Say your siteconfig.yaml has two targets, dev and test, and you want to use the test instance:
$ pb compile -t test
--begin_time
|| --end_time
What timestamp to run your models for.
When you want to run the model as of now (the default if the flag is not specified):
$ pb compile
When you want to utilize all the data in source tables from 1 June 2022:
$ pb compile --begin_time 2022-06-01T12:00:00.0Z
To utilize data until a user-defined timestamp (epoch), say 6 August 2022:
$ pb compile --end_time 1659794654
-p
In case you want to use a project file other than the one in current directory:
$ pb compile -p MyOtherProject
Fetch a project from a URL such as GitHub:
$ pb compile -p git@github.com:<orgname>/<repo>
Extending the previous command, you can also fetch a specific tag:
$ pb compile -p git@github.com:<orgname>/<repo>/tag/<tag_version>/<folderpath>
--rebase-incremental
Any incremental models will be rebased - that is built afresh from their inputs - instead of starting from a previous run. Intended as something that can be done every once in a while to address the stray delete / update in inputs that is generally just appended to. Also useful if there was a major migration / cleanup of an input table.
--seq_no
Continue a previous run by specifying its sequence number. Models that already exist would not be rebuilt, unless --force
is also specified. Check discover command or run logs for existing sequence numbers.
--migrate_on_load
By default this flag creates a folder called migrations inside the project folder that has migrated version of your project to the latest schema version and executes the desired operation. This simplifies the process of upgrading your project to the latest schema version, without changing source files in your original project folder.
--migrated_folder_path
Continuing from previous command, you can use this flag to change folder location of the migrated project.
discover
Discovers elements in the warehouse, such as models, entities, features and sources.
Command
pb discover
This allows you to discover all the registered elements in the warehouse.
Subcommands
You can give a subcommand to discover all the entities
, features
, materials
, models
and sources
in the warehouse.
$ pb discover entities
$ pb discover features
$ pb discover materials
$ pb discover models
$ pb discover sources
Optional Parameters
-e
If you want to discover specific entities with that name.

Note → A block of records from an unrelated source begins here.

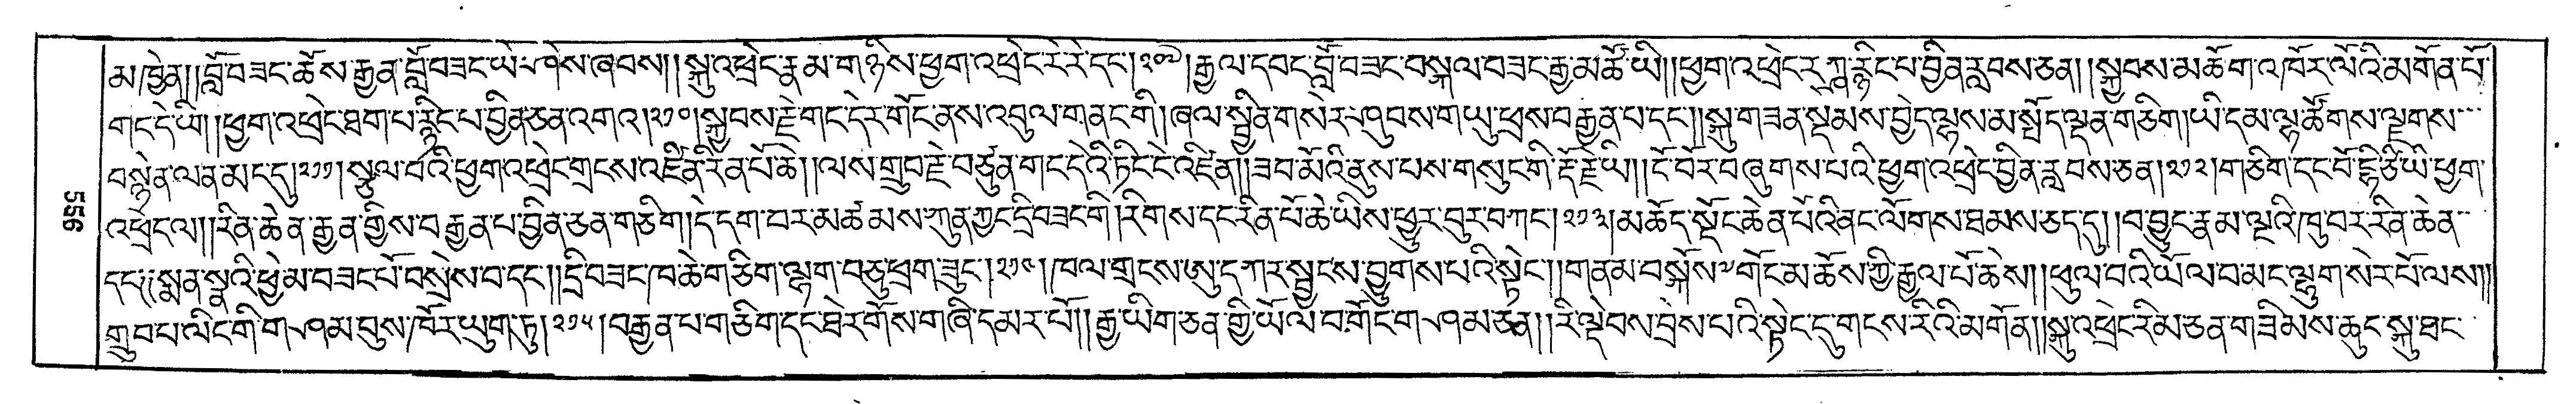མཁྱེན། །བློ་བཟང་ཆོས་རྒྱན་བློ་བཟང་ཡེ་ཤེས་ཞབས། །སྐུ་འཕྲེང་རྣམ་གཉིས་ཕྱག་འཕྲེང་རེ་རེ་དང་། ༢༠༧་༑རྒྱལ་དབང་བློ་བཟང་བསྐལ་བཟང་རྒྱ་མཚོ་ཡི། །ཕྱག་འཕྲེང་རཀྵ་རྙིང་པ་བྱིན་རླབས་ཅན། །སྐྱབས་མཆོག་འཁོར་ལོའི་མགོན་པོ་
གང་དེ་ཡི། །ཕྱག་འཕྲེད་ཐག་པ་རྙིང་པ་བྱིན་ཅན་འགའ། ༢༡༠་།སྐྱབས་རྗེ་གང་དེར་གོང་ནས་འབུལ་གནང་གི། ཞལ་སྦྱིན་གསེར་ཤུབས་གཡུ་ཕྲས་བརྒྱན་པ་དང་། །སྐུ་གཟན་སྡེམས་བྱེད་ལྷས་མ་སྦོད་ལྡན་གཅིག །ཡི་དམ་ལྷ་ཚོགས་ལྗགས་
བསྙེན་ལན་མང་དུ། ༢༡༡་།སྩལ་བའི་ཕྱག་འཕྲེང་གྲངས་འཛིན་རིན་པོ་ཆེ། །ལས་གྲུབ་རྗེ་བཙུན་གང་དེའི་ཏིང་ངེ་འཛིན། །ཟབ་མོའི་ནུས་པས་གསུང་གི་རྡོ་རྗེ་ཡི། །ངོ་བོར་བཞུགས་པའི་ཕྱག་འཕྲེང་བྱིན་རླབས་ཅན། ༢༡༢་།གཅིག་དང་བོ་དྷི་ཅི་ཡི་ཕྱག་
འཕྲེང་ལ། །རིན་ཆེན་རྒྱན་གྱིས་བརྒྱན་པ་བྱིན་ཅན་གཅིག །དེ་དག་བར་མཚམས་ཀུན་ཀྱང་དྲི་བཟང་གི། །རིགས་དང་རིན་པོ་ཆེ་ཡིས་ཕྱུར་བུར་བཀང་། ༢༡༣་།མཆོད་སྡོང་ཆེན་པོའི་ནང་ལོགས་ཐམས་ཅད་དུ། །བ་བྱུང་རྣམ་ལྔའི་ཁུ་བར་རིན་ཆེན་
དང༑ ༑སྨན་སྣའི་ཕྱེ་མ་བཟང་པོ་བསྲེས་པ་དང་། །དྲི་བཟང་ཁ་ཆེ་གཅིག་ལྷག་བཅུ་ཕྲག་ཟུང་། ༢༡༤་།ཁལ་གྲངས་ཨུ་དཀར་སྦྱངས་བྱུགས་པའི་སྟེང་། །གནམ་བསྐོས་༧་གོང་མ་ཆོས་ཀྱི་རྒྱལ་པོ་ཆེས། །ཕུལ་བའི་ཡོལ་བ་མང་ལྷུག་སེར་པོ་ལས། །
གྲུབ་པ་ལིང་གི་གཤམ་བུས་ཁོར་ཡུག་ཏུ། ༢༡༥་།བརྒྱན་པ་གཅིག་དང་ཐེར་གོས་གཞི་དམར་པོ། །རྒྱ་ཡིག་ཅན་གྱི་ཡོལ་བ་གོང་གཤམ་ཅན། །རི་ལྡེབས་བྲེས་པའི་སྟེང་དུ་གངས་རིའི་མགོན། །སྐུ་འཕྲེང་རིམ་ཅན་གཟིམས་ཆུང་སྐུ་ཐང་

$ pb discover -e 'TheName'
-m
To discover a specific model.
$ pb discover -m 'MY_DATABASE.PROD_SCHEMA.CREATED_MODEL'
-c
To use a site config other than the default one. Extending the previous example to show a combination of both:
$ pb discover -m 'MY_DATABASE.PROD_SCHEMA.CREATED_MODEL' -c siteconfig.yaml
-s
To discover entities in a specified schema.
-s "*"
To discover entities across all schemas (note: case sensitive).
-u
Discover the entities having these source URL’s. Say you want to discover all the entities coming from GitHub:
$ pb discover -u %github%
-t
Select a target (as mentioned in siteconfig.yaml).
-p
Use a project folder other than the one in current directory.
$ pb discover -p ThisFolder/ThatSubFolder/SomeOtherProject/
-f
Specify this flag with a file path to dump the discovery output into a csv file.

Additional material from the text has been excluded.